WORK INSTRUCTIONS: Restate word for word, and only, the lines that extend from the line containing "land use: Abandoned areas" through the end of the records below.

:: SOURCE DATA

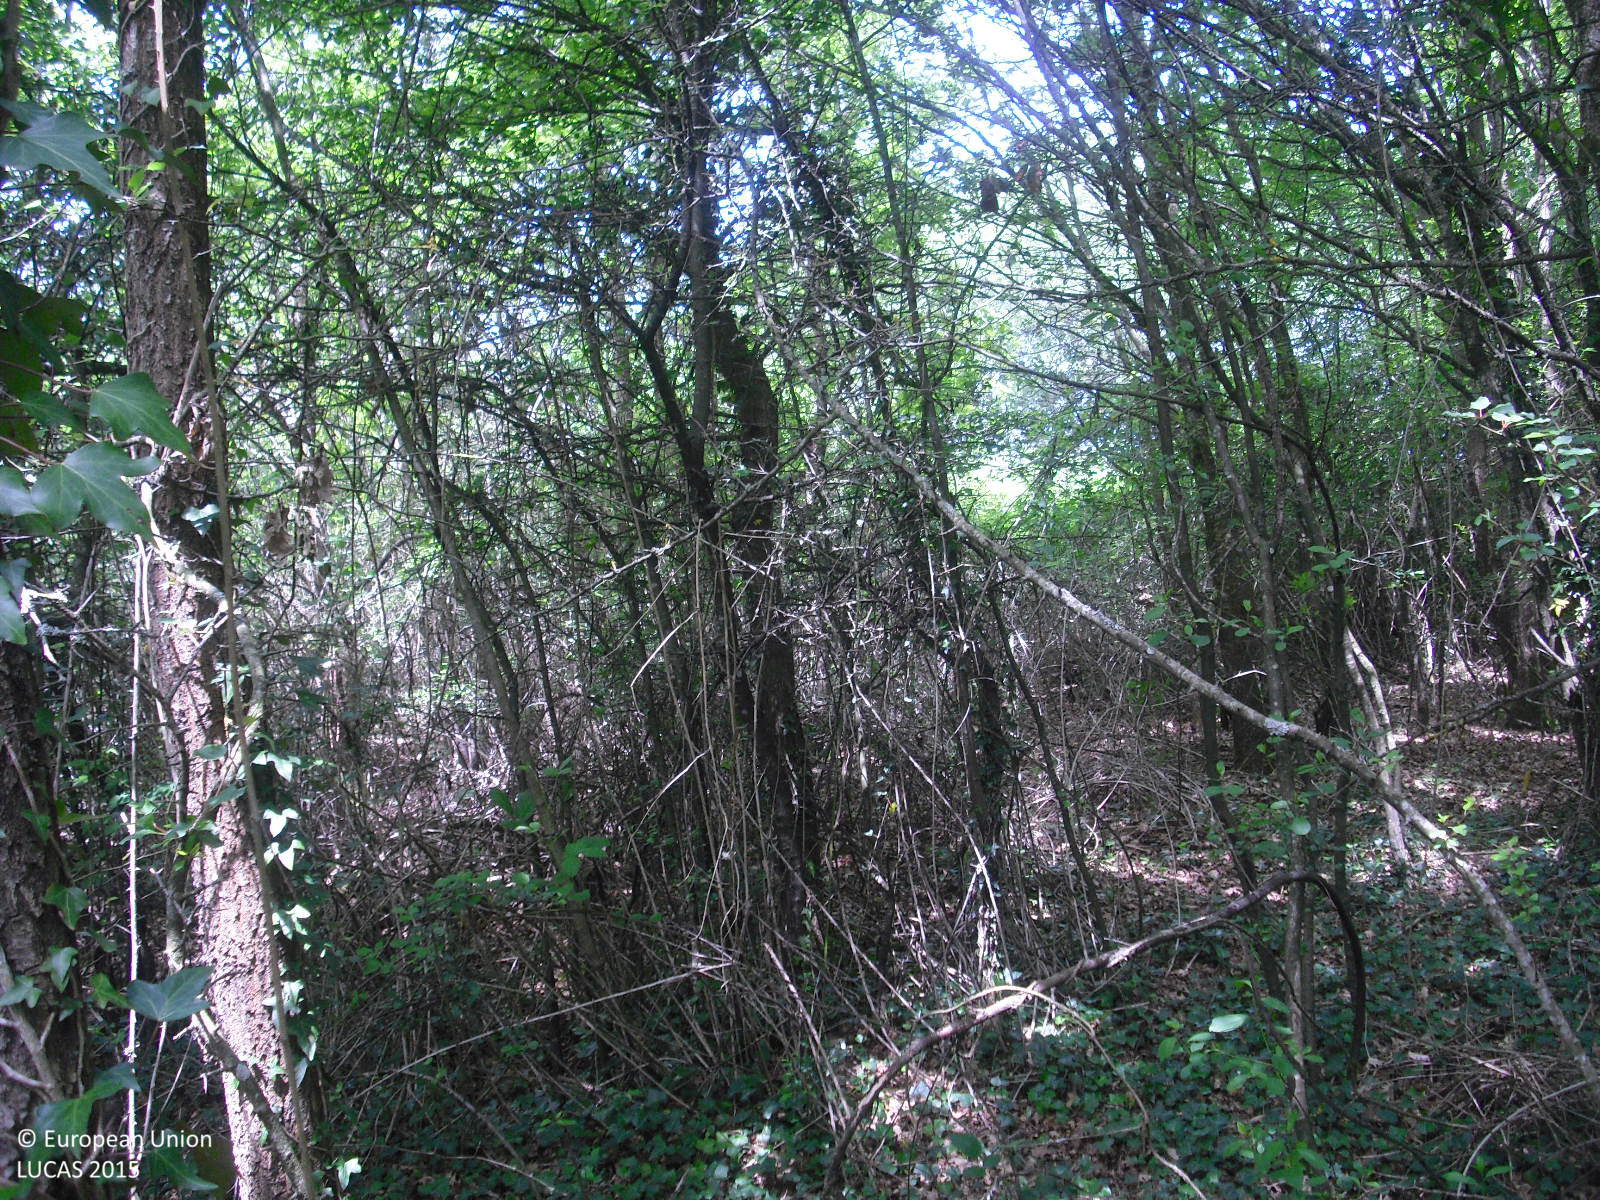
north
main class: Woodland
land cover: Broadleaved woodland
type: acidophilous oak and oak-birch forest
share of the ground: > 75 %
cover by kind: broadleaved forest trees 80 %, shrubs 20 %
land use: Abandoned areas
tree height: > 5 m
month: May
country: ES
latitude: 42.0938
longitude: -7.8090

::::

ANSWER SECTION:
land use: Abandoned areas
tree height: > 5 m
month: May
country: ES
latitude: 42.0938
longitude: -7.8090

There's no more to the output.